*** RECORDS ***

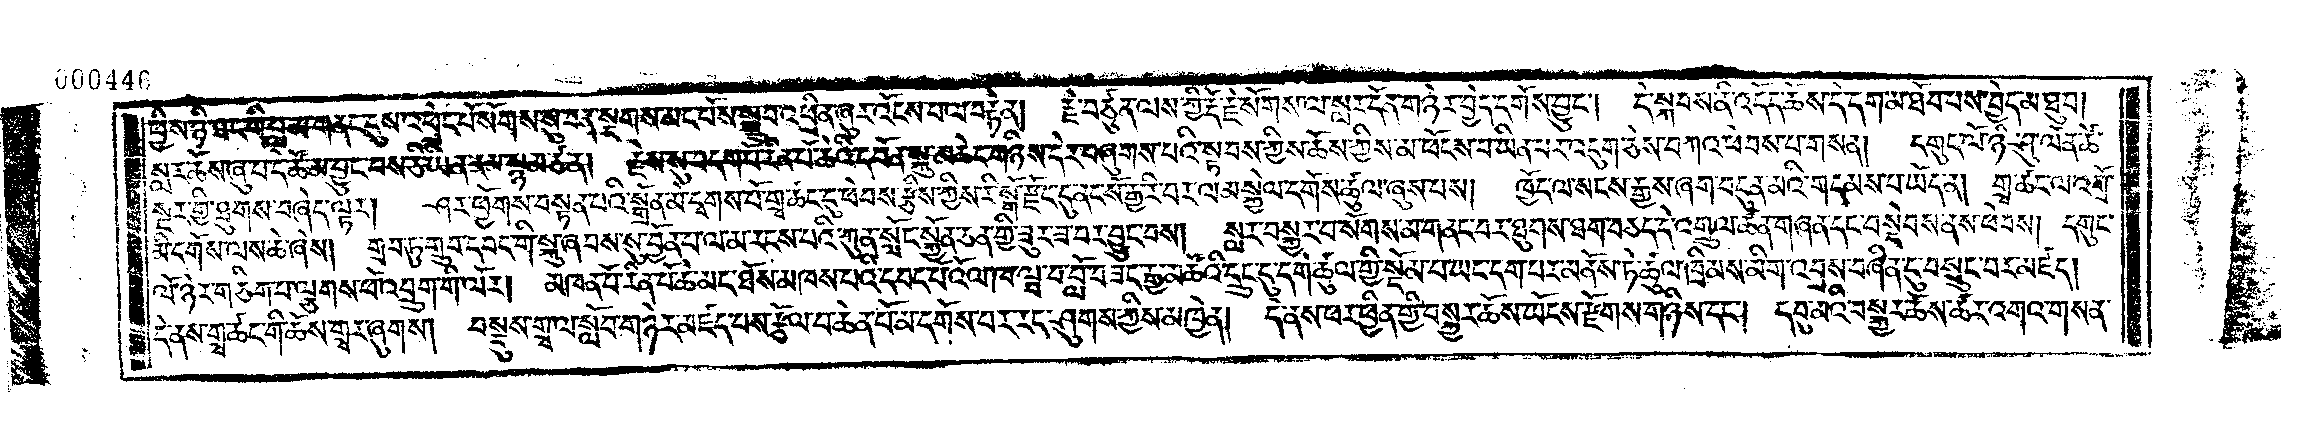ཕྱིས་ཉི་ཐང་གི་བླ་མ་གནང་དུས་འཕྲེང་པོ་སོགས་སུ་བན་སྔགས་མང་པོས་སྒྲུབ་འཕྲིན་ཞུར་འོངས་པ་ལ་བརྟེན། རྗེ་བཙུན་ལས་ཀྱི་རྡོ་རྗེ་སོགས་ལ་སླར་དོན་གཉེར་བྱེད་དགོས་བྱུང་། དེ་སྐབས་ནི་འདོད་ཆོས་དེ་དག་མ་ཐོབ་པས་བྱེད་མ་ཐུབ།
སླར་ཆོས་ཞུ་པ་དེ་ཚོ་མ་བྱུང་བས་ཅི་ཡིན་ནམ་སྙམ་ཙ་ན། རྗེས་སུ་བདག་པོ་རིན་པོ་ཆེའི་དབོན་སྐུ་མཆེད་གཉིས་དེར་བཞུགས་པའི་སྟབས་ཀྱིས་ཆོས་ཀྱིས་མ་ཕོངས་པ་ཡིན་པར་འདུག་ཅེས་བཀའ་ཕེབས་པ་གསན། དགུང་ལོ་ཉི་ཤུ་ལོན་ཚེ་
སྔར་གྱི་ཐུགས་བཞེད་ལྟར། ཤར་ཕྱོགས་བསྟན་པའི་སྒྲོན་མེ་དྭགས་པོ་གྲྭ་ཚང་དུ་ཕེབས་རྩིས་ཀྱིས་རི་སྒོ་རྫོང་དུ་ནང་སོ་རྒྱ་རི་བར་ལམ་སྐྱེལ་དགོས་ཚུལ་ཞུས་པས། ཁྱོད་ལ་སངས་རྒྱས་ཞག་བདུན་མའི་གདམས་པ་ཡོད་ན། གྲྭ་ཚང་ལ་འགྲོ་
མི་དགོས་ལས་ཆེ་ཞེས། གྲབ་ཏུ་གྲུབ་དབང་གི་སྐུ་ཞབས་སུ་བྱོན་པ་ལ་མ་རངས་པའི་ཀུན་སློང་སྐྱོན་ཅན་གྱི་ཟུར་ཟ་བར་བྱུང་བས། སླར་བསྐྱར་བ་སོགས་མ་གནང་བར་ཐུགས་ཐག་བཅད་དེ་འགྲུལ་ཚན་གཞན་དང་བསྡེབས་ནས་ཕེབས། དགུང་
ལོ་ཉེར་གཅིག་པ་ལྕགས་ཕོ་འབྲུག་གི་ལོར། མཁན་པོ་རིན་པོ་ཆེ་མང་ཐོས་མཁས་པའི་དབང་པོའོ་ལ་ཁ་ལྦ་བ་བློ་བཟང་རྒྱ་མཚོའི་དྲུང་དུ་དགེ་ཚུལ་གྱི་སྡོམ་པ་ཡང་དག་པར་མནོས་ཏེ་ཚུལ་ཁྲིམས་མིག་འབྲས་བཞིན་དུ་བསྲུང་བར་མཛད།
དེ་ནས་གྲྭ་ཚང་གི་ཆོས་གྲྭར་ཞུགས། བསྡུས་གྲྭ་ལ་སློབ་གཉེར་མཛད་པས་རྩོལ་པ་ཆེན་པོ་མ་དགོས་པར་རང་ཤུགས་ཀྱིས་མཁྱེན། དེ་ནས་ཕར་ཕྱིན་གྱི་བསྐྱར་ཆོས་ཡོངས་རྫོགས་གཉིས་དང་། དབུ་མའི་བསྐྱར་ཆོས་ཚར་འགའ་གསན་

*** End of RECORDS ***

◆ **DESCRIPTION OF THE TASK**
Only an exact copy is wanted here: the line containing "ལོ་ཉེར་གཅིག་པ་" and every later line, up to and including the last line of the listing.

◆ **WRITTEN SOLUTION**
ལོ་ཉེར་གཅིག་པ་ལྕགས་ཕོ་འབྲུག་གི་ལོར། མཁན་པོ་རིན་པོ་ཆེ་མང་ཐོས་མཁས་པའི་དབང་པོའོ་ལ་ཁ་ལྦ་བ་བློ་བཟང་རྒྱ་མཚོའི་དྲུང་དུ་དགེ་ཚུལ་གྱི་སྡོམ་པ་ཡང་དག་པར་མནོས་ཏེ་ཚུལ་ཁྲིམས་མིག་འབྲས་བཞིན་དུ་བསྲུང་བར་མཛད།
དེ་ནས་གྲྭ་ཚང་གི་ཆོས་གྲྭར་ཞུགས། བསྡུས་གྲྭ་ལ་སློབ་གཉེར་མཛད་པས་རྩོལ་པ་ཆེན་པོ་མ་དགོས་པར་རང་ཤུགས་ཀྱིས་མཁྱེན། དེ་ནས་ཕར་ཕྱིན་གྱི་བསྐྱར་ཆོས་ཡོངས་རྫོགས་གཉིས་དང་། དབུ་མའི་བསྐྱར་ཆོས་ཚར་འགའ་གསན་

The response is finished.